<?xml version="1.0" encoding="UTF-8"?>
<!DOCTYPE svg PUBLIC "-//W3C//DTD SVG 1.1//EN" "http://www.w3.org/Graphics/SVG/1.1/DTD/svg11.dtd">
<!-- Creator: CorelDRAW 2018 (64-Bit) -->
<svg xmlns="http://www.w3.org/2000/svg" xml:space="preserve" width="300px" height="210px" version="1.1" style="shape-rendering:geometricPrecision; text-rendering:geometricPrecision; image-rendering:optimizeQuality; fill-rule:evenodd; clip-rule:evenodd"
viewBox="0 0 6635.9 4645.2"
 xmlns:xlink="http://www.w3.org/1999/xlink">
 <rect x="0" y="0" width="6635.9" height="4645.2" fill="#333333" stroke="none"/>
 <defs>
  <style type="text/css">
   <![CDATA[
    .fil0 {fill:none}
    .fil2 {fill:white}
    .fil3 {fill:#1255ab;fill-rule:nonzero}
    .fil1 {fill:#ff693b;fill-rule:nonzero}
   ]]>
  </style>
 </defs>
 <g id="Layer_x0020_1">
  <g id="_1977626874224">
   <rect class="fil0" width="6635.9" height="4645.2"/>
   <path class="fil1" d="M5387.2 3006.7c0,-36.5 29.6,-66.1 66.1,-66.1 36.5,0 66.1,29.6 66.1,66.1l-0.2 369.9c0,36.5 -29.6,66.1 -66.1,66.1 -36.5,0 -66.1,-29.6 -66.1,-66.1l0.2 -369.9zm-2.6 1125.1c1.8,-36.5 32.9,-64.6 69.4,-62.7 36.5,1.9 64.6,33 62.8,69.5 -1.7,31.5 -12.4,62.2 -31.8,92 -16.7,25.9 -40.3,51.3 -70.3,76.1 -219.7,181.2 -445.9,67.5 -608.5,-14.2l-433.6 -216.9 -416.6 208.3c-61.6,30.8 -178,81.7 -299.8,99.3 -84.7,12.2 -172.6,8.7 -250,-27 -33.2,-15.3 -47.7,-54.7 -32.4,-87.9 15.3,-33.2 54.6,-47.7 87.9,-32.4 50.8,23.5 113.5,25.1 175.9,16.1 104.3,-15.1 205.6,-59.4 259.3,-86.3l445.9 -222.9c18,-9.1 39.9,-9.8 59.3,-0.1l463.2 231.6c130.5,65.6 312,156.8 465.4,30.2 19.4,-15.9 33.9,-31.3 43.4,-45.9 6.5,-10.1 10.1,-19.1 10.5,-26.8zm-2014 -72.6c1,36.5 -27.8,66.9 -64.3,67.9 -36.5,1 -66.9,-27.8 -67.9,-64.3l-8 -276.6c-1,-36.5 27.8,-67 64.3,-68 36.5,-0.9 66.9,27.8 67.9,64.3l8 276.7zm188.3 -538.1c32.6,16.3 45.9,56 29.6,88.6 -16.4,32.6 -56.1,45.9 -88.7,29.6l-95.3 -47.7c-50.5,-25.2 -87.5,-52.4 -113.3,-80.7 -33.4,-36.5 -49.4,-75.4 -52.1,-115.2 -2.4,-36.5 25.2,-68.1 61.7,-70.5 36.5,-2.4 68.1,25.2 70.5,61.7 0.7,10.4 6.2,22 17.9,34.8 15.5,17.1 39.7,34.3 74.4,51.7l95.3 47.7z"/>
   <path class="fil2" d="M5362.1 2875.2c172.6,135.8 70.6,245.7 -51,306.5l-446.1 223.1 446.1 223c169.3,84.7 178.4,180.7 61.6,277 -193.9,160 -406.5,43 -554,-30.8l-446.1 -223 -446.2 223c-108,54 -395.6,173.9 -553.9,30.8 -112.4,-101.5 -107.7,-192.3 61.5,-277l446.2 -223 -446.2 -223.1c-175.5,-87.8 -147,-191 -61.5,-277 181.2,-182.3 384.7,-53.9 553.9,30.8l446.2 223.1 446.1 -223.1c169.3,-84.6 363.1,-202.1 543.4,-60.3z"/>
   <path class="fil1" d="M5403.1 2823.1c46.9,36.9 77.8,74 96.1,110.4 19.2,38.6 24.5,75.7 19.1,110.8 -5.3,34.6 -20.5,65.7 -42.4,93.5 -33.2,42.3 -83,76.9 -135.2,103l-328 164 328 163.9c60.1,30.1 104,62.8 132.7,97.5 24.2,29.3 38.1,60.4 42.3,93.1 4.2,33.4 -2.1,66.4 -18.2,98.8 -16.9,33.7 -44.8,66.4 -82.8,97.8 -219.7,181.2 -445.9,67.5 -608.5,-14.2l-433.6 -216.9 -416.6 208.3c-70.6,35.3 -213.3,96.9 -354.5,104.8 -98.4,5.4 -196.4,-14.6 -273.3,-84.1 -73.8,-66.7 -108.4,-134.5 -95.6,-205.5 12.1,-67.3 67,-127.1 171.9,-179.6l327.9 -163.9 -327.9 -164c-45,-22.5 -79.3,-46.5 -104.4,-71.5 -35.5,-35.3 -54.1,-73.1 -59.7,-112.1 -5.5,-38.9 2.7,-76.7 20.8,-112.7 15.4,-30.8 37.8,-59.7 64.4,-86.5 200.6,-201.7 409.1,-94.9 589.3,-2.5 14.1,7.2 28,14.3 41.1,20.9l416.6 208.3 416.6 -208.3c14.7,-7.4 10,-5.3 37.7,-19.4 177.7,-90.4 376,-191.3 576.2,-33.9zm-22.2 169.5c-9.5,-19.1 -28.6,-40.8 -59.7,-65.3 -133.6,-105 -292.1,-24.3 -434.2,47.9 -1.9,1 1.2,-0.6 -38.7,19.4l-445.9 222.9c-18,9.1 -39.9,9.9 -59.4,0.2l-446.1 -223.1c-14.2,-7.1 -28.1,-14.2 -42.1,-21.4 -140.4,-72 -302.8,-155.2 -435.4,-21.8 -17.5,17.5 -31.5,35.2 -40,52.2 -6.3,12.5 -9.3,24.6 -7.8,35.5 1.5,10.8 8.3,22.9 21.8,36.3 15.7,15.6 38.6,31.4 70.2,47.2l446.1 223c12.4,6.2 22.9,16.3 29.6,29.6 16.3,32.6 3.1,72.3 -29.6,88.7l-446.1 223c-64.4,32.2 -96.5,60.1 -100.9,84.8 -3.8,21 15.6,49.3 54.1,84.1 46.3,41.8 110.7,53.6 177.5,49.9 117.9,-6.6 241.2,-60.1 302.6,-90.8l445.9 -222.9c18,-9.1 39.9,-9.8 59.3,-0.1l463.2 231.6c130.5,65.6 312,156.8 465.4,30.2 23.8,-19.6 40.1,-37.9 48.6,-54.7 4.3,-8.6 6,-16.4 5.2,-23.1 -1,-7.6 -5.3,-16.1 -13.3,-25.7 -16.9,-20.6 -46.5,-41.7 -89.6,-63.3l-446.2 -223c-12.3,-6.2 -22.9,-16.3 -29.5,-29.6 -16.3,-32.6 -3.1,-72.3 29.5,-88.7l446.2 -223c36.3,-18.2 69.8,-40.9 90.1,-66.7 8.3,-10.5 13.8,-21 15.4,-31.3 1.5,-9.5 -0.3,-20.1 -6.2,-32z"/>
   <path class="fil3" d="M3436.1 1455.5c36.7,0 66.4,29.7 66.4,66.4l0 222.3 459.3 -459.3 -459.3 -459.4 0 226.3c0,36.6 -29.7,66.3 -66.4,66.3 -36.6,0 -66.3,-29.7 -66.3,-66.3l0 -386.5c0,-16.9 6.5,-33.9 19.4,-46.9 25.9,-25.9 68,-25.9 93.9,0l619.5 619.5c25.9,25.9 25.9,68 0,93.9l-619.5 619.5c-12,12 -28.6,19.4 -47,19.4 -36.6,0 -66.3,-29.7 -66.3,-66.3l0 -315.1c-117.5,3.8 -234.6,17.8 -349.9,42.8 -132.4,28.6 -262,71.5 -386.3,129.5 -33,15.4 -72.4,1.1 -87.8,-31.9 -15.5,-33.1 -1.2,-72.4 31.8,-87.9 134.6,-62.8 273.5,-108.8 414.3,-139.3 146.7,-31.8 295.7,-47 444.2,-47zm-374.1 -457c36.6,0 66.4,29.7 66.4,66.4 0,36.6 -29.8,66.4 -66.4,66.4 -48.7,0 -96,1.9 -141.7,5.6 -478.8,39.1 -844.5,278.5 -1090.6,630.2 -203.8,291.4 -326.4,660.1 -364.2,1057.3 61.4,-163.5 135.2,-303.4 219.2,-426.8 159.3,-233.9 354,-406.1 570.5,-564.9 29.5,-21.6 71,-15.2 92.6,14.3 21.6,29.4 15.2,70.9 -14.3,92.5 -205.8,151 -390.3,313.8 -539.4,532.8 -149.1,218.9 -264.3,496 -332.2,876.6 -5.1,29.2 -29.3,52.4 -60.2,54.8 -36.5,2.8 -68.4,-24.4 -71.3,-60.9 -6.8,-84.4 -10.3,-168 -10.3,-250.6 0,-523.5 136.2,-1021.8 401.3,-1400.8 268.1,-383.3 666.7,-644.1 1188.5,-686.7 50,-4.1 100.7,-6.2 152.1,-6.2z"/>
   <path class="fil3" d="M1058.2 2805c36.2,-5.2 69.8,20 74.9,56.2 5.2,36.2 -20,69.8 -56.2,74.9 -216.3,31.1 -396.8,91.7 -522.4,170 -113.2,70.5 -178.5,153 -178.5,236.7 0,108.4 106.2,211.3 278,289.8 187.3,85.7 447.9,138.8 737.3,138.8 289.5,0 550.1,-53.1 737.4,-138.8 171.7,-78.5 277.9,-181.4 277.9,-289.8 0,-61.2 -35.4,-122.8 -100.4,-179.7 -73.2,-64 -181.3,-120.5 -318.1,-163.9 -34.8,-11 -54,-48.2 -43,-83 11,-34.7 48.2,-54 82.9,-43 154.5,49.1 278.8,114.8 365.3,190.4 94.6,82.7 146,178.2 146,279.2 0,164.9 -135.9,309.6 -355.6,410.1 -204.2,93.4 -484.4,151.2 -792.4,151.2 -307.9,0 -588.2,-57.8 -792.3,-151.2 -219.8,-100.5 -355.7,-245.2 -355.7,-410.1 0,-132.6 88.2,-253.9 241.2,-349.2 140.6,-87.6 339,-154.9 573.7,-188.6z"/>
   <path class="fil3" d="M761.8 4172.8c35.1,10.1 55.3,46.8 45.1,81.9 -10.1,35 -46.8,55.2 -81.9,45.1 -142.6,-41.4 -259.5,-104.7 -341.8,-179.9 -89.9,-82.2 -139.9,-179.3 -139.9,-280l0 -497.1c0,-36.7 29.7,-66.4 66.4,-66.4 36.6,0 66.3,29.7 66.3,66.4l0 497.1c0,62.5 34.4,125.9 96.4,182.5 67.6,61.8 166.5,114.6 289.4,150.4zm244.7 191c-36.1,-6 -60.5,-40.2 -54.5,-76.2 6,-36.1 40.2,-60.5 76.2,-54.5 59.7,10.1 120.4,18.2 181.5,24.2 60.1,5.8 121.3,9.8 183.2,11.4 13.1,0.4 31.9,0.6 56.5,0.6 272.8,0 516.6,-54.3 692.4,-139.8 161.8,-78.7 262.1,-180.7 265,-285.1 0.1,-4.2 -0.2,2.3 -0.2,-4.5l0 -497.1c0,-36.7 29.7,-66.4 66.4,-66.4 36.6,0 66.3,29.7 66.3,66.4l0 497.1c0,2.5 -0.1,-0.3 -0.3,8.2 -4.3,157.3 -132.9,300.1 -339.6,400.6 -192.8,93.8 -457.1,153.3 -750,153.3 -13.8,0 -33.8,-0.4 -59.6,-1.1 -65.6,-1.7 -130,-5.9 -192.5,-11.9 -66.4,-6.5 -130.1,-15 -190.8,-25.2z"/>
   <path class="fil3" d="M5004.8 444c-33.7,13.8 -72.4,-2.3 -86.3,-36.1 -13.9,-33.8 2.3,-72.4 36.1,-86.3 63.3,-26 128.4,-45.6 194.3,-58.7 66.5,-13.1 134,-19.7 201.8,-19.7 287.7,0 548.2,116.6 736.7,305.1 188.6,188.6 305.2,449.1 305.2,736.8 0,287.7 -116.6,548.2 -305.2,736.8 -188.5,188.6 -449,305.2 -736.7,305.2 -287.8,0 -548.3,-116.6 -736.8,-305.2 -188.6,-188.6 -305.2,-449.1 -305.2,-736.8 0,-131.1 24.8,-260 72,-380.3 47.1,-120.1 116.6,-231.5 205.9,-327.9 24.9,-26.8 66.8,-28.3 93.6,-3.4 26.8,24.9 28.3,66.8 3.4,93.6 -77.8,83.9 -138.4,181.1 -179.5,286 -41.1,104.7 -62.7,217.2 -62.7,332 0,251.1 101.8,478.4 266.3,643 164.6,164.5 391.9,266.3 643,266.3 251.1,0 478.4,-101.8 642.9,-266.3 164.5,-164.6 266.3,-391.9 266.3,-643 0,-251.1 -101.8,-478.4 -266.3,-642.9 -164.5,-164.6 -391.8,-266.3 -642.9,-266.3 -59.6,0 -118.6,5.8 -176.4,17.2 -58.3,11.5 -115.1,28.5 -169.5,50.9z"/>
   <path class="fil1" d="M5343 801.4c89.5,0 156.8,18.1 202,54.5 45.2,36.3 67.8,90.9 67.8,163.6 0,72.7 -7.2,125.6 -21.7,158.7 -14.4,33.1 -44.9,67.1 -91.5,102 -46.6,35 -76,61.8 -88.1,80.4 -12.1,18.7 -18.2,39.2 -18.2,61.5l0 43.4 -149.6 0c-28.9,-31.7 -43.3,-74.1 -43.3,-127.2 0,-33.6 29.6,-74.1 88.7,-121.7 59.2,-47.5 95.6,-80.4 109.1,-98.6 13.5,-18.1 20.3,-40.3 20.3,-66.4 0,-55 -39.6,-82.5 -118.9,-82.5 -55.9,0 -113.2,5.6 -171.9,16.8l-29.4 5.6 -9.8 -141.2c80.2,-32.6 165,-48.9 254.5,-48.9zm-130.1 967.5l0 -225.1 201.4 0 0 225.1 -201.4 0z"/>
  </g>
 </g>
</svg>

-------------------------

AIM OF THE TASK: Output exactly the span of lines beginning at the first line of the records and ending at the line that holds "<!-- Creator: CorelDRAW 2018 (64-Bit) -->", inclusive, with no other text.

ANSWER AREA:
<?xml version="1.0" encoding="UTF-8"?>
<!DOCTYPE svg PUBLIC "-//W3C//DTD SVG 1.1//EN" "http://www.w3.org/Graphics/SVG/1.1/DTD/svg11.dtd">
<!-- Creator: CorelDRAW 2018 (64-Bit) -->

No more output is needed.